US 11,941,111 B2
Exploiting fine-grained structured weight sparsity in systolic arrays
Sanchari Sen, Indianapolis, IN (US); Swagath Venkataramani, Yorktown Heights, NY (US); Vijayalakshmi Srinivasan, Yorktown Heights, NY (US); Kailash Gopalakrishnan, Yorktown Heights, NY (US); and Sunil K. Shukla, Yorktown Heights, NY (US)
Assigned to International Business Machines Corporation, Armonk, NY (US)
Filed by INTERNATIONAL BUSINESS MACHINES CORPORATION, Armonk, NY (US)
Filed on Jul. 31, 2021, as Appl. No. 17/444,187.
Prior Publication US 2023/0030287 A1, Feb. 2, 2023
Int. Cl. G06F 21/00 (2013.01); G06F 7/544 (2006.01); G06F 21/55 (2013.01); G06N 3/04 (2023.01)

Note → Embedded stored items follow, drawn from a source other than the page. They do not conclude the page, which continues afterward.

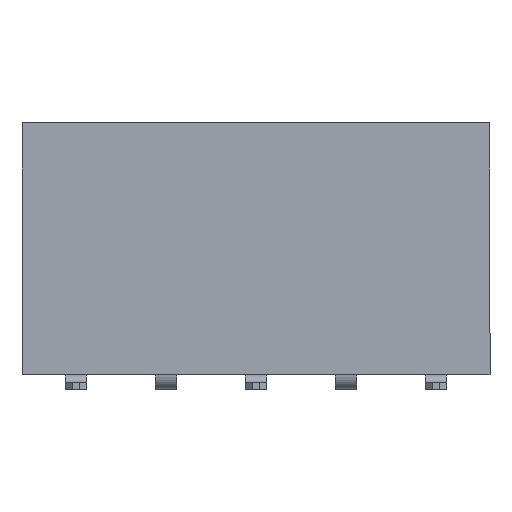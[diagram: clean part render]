
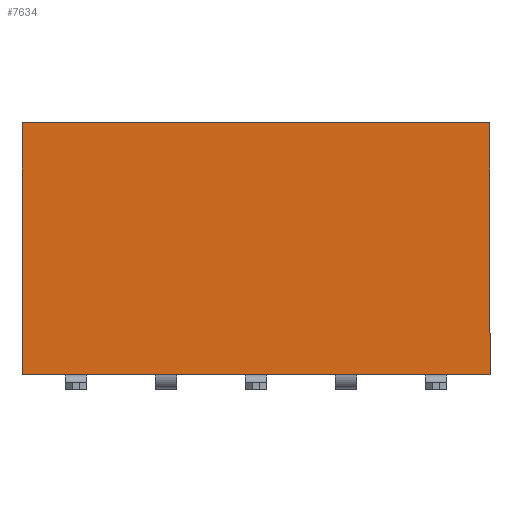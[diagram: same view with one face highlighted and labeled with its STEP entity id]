
A CAD part, left-side view. The second image highlights one B-rep face of the part: STEP entity #7634.
In plain terms, the highlighted face is planar.
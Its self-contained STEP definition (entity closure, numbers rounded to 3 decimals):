
#2600=ORIENTED_EDGE('',*,*,#3815,.T.);
#2601=ORIENTED_EDGE('',*,*,#3816,.T.);
#2602=ORIENTED_EDGE('',*,*,#3817,.T.);
#2603=ORIENTED_EDGE('',*,*,#3818,.T.);
#3815=EDGE_CURVE('',#4538,#4539,#5325,.T.);
#3816=EDGE_CURVE('',#4539,#4540,#5326,.T.);
#3817=EDGE_CURVE('',#4540,#4541,#5327,.T.);
#3818=EDGE_CURVE('',#4541,#4538,#5328,.T.);
#4538=VERTEX_POINT('',#12912);
#4539=VERTEX_POINT('',#12913);
#4540=VERTEX_POINT('',#12915);
#4541=VERTEX_POINT('',#12917);
#5325=LINE('',#12911,#6119);
#5326=LINE('',#12914,#6120);
#5327=LINE('',#12916,#6121);
#5328=LINE('',#12918,#6122);
#6119=VECTOR('',#10417,1000.);
#6120=VECTOR('',#10418,1000.);
#6121=VECTOR('',#10419,1000.);
#6122=VECTOR('',#10420,1000.);
#6524=EDGE_LOOP('',(#2600,#2601,#2602,#2603));
#6944=FACE_BOUND('',#6524,.T.);
#7224=PLANE('',#8345);
#7634=ADVANCED_FACE('',(#6944),#7224,.T.);
#8345=AXIS2_PLACEMENT_3D('',#12910,#10415,#10416);
#10415=DIRECTION('',(0.,-1.,0.));
#10416=DIRECTION('',(0.,0.,-1.));
#10417=DIRECTION('',(0.,0.,-1.));
#10418=DIRECTION('',(1.,0.,0.));
#10419=DIRECTION('',(0.,0.,1.));
#10420=DIRECTION('',(-1.,0.,0.));
#12910=CARTESIAN_POINT('',(0.,-1.25,0.));
#12911=CARTESIAN_POINT('',(-6.6,-1.25,3.55));
#12912=CARTESIAN_POINT('',(-6.6,-1.25,3.55));
#12913=CARTESIAN_POINT('',(-6.6,-1.25,-3.55));
#12914=CARTESIAN_POINT('',(-6.6,-1.25,-3.55));
#12915=CARTESIAN_POINT('',(6.6,-1.25,-3.55));
#12916=CARTESIAN_POINT('',(6.6,-1.25,-3.55));
#12917=CARTESIAN_POINT('',(6.6,-1.25,3.55));
#12918=CARTESIAN_POINT('',(6.6,-1.25,3.55));

CPC G06F 21/55 (2013.01) [G06F 7/5443 (2013.01); G06N 3/04 (2013.01); G06F 2221/034 (2013.01)] 25 Claims
OG exemplary drawing
 
1. A method for exploiting fine-grained structured weight sparsity in deep neural networks in a computing environment, by one or more processors, comprising:
storing indices of a plurality of non-zero weights in an index register file included within each of a plurality of processor elements in a systolic array;
storing the plurality of non-zero weights in a register file associated with the index register file, wherein only values of the non-zero weights are stored in all memory levels associated with the plurality of processor elements in the systolic array;
sending, to one or more of the plurality of processor elements, a plurality of input values corresponding to a single block in a data structure; and
selecting one or more of the plurality of input values corresponding to the indices of the plurality of non-zero weights in the index register file for performing multiply-accumulate (“MAC”) operation based on sending, to the one or more of the plurality of processor elements, the plurality of input values.